Thereafter, the mask ROM is completed according to normal steps.

Note that in the above manufacturing method, n-type polysilicon N25
Although n-type impurities are selectively doped into the n-type polysilicon layer, n-type impurities may also be selectively doped into the n-type polysilicon layer.
The pure polysilicon layer may be selectively bombarded with n-type and n-type impurities.

〔Effect of the invention〕

In the read-only memory 7J of the present invention, since information is written by introducing impurities into the semiconductor layer of the gate electrode, the TAT The time can be shortened.

In addition, since the source and drain regions of multiple MO3I-transistors connected in series are electrically connected through an impurity region of the opposite conductivity type to the substrate, no pn junction is formed in the channel, resulting in a short channel effect. can be suppressed. Further, in each MOS transistor, a depletion layer spreads on the drain surface, and an enhancement type MOS transistor becomes a buried channel, so that high-speed operation is possible and current drive capability is improved.

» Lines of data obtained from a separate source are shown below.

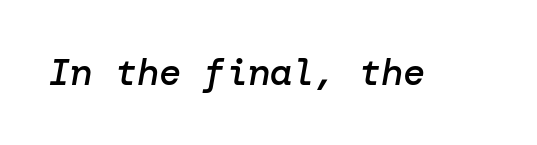
The image shows 37 px semibold type, italic (leaning right); set normal letter spacing, not underlined; low stroke contrast and a medium x-height.
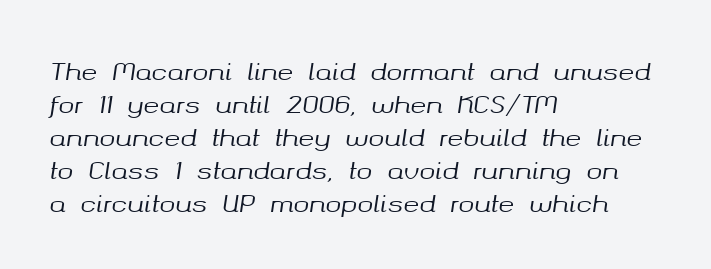
The image shows 24 px text type, italic (leaning right); set left-aligned, normal line spacing (1.38x), normal letter spacing, not underlined.
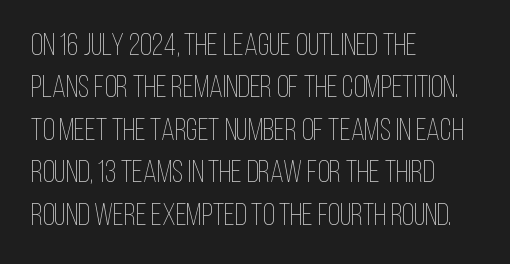
Tracking value appears to be zero — textbook default spacing. This sample has the flowing, uneven cadence of proportional lettering. The vertical gap from one line to the next is medium. This rendering features lettering with no underline.
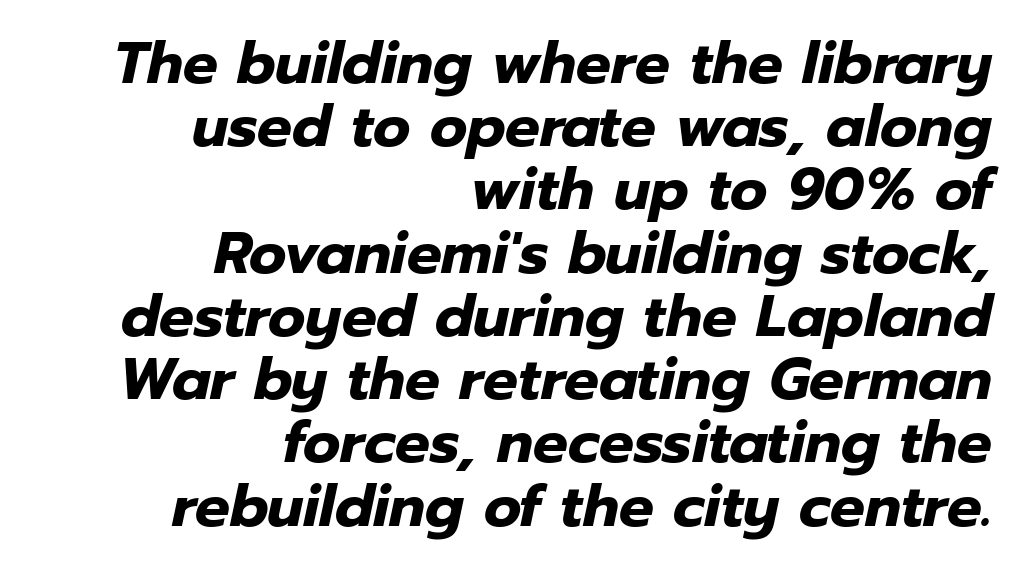
Q: Is the text bold? A: Yes.
Q: Is the text italic (slanted)? A: Yes, it leans right by about 12 degrees.
Q: Is the text underlined? A: No.
Q: How is the paragraph aligned? A: Right-aligned.
Q: Is the spacing between letters normal or unusually wide? A: Normal.
Q: Is the spacing between lines tight, normal or loose? A: Tight.
Q: Width (condensed, normal, or wide)? A: Normal.
Q: Stroke contrast? A: Low.
Q: x-height? A: Medium.
Q: Monospaced? A: No.

[Brief explanation of drawings]

1 is a plan view of essential parts of an example of a read-only memory device of the present invention, FIG. 2 is a sectional view taken along the line ■-■ in FIG. 1, and FIG. 3 is a sectional view taken along the line ■-■ in FIG. FIG. 4 is a cross-sectional view of the depletion type MOS transistor in the above-mentioned example, FIG. 5 is a cross-sectional view of the enhancement-type MOS transistor in the above-mentioned example, and FIG. 6 is an equivalent circuit diagram of the memory cell portion of the above-mentioned example. , and FIGS. 7A to 7C are process cross-sectional views for explaining an example of the method for manufacturing a read-only memory device according to the present invention according to the steps. 1...Silicon substrate 2...Well head mounting 3...Element isolation region 4...Gate insulating film 5...Polysilicon layer 6...Metal silicide layers 7a to 7g...Source/drain Region 8... Impurity region 9... Interlayer insulating film lO... Bit line ■-■ Latitude plane Figure 3

Claims (1)

[Claims] In a read-only memory device formed by connecting in series a plurality of MOS transistors of a second conductivity type channel formed on a semiconductor substrate of a first conductivity type, the source/drain regions of each of the MOS transistors are impurities of the second conductivity type. A read-only memory device characterized in that the gate electrodes of each of the MOS transistors include at least a semiconductor layer, and the semiconductor layer is selectively of a first conductivity type or a second conductivity type.